Roman Bondarchuk handles this strange tale about an interpreter left stranded with some locals with deadpan poise

“That’s our wandering buoy. It slipped its anchor near the dam. It appears and disappears at will.” A light, unfathomable absurdity governs this 2018 fiction debut by Ukrainian documentarian Roman Bondarchuk, set in the area around the city of Kherson; a sun-roasted steppe north of the Crimea where Organisation for Security and Cooperation in Europe (OSCE) interpreter Lukas (Serhiy Stepansky) becomes stranded. He’s escorting an SUV full of foreign delegates when it breaks down and he wanders off in search of a mobile signal. On his return, both car and foreigners have vanished.

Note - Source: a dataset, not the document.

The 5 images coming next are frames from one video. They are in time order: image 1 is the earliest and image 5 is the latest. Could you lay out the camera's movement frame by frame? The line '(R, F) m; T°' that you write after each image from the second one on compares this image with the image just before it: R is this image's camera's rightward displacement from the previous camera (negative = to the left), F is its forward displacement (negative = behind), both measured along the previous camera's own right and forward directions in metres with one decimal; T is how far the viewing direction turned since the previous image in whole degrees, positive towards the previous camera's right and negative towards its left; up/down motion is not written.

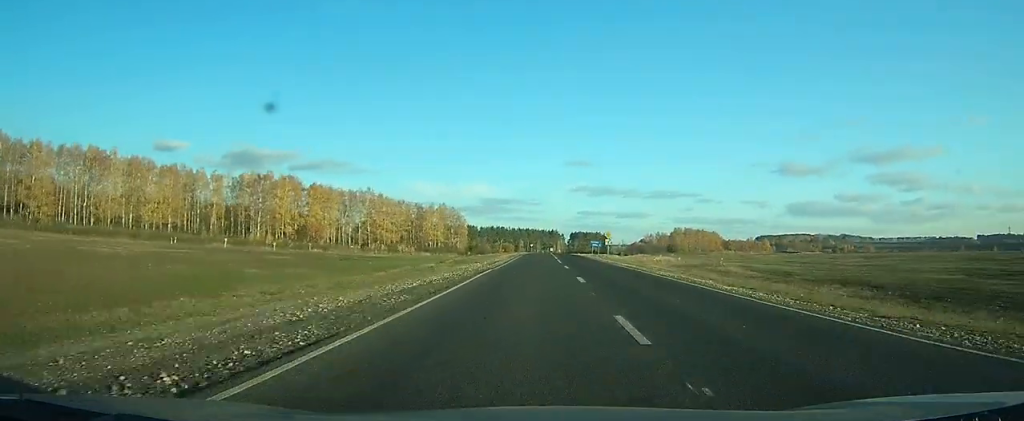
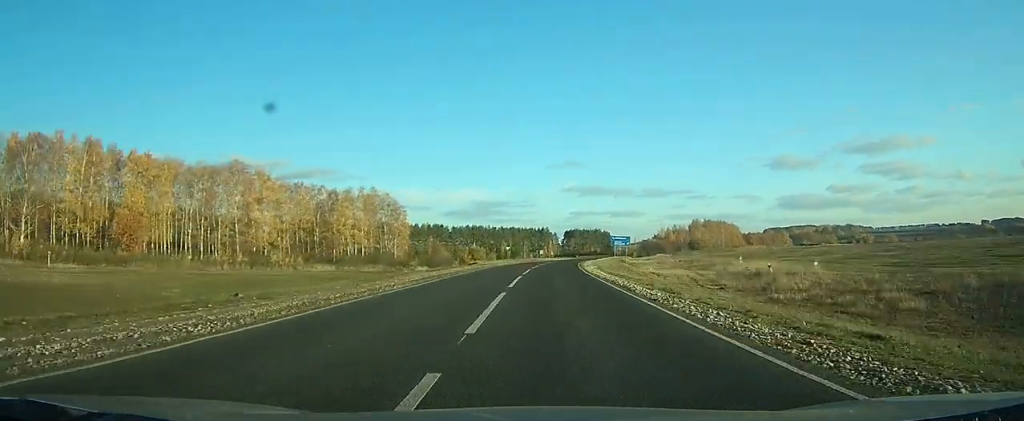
(+1.1, +81.2) m; +2°
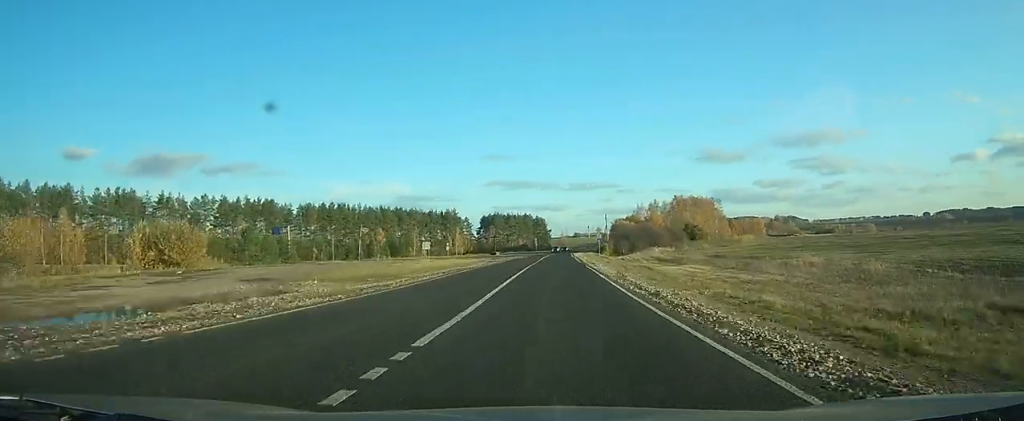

Hitching a ride, Lukas is invited to stay with Vova (Viktor Zhdanov), a middle-aged potterer living with his mother and daughter in a capacious ramshackle construction on the banks of the Dnieper river. So begins Lukas’s initiation – like a milder Ukrainian version of Wake in Fright – into the local anomie. Vova enjoys sticking spoons to his forehead using the supply of glue that was his severance payment from the Soviet fish farm he worked for; then Lukas gets an invite to a listless student party where someone nicks his jacket and wallet. Constantly slipping sly details into the frame, Bondarchuk handles the whole farrago with a lovely deadpan poise. Incensed by the theft, Lukas heads to the police station to make a complaint. Cut to him in the cells.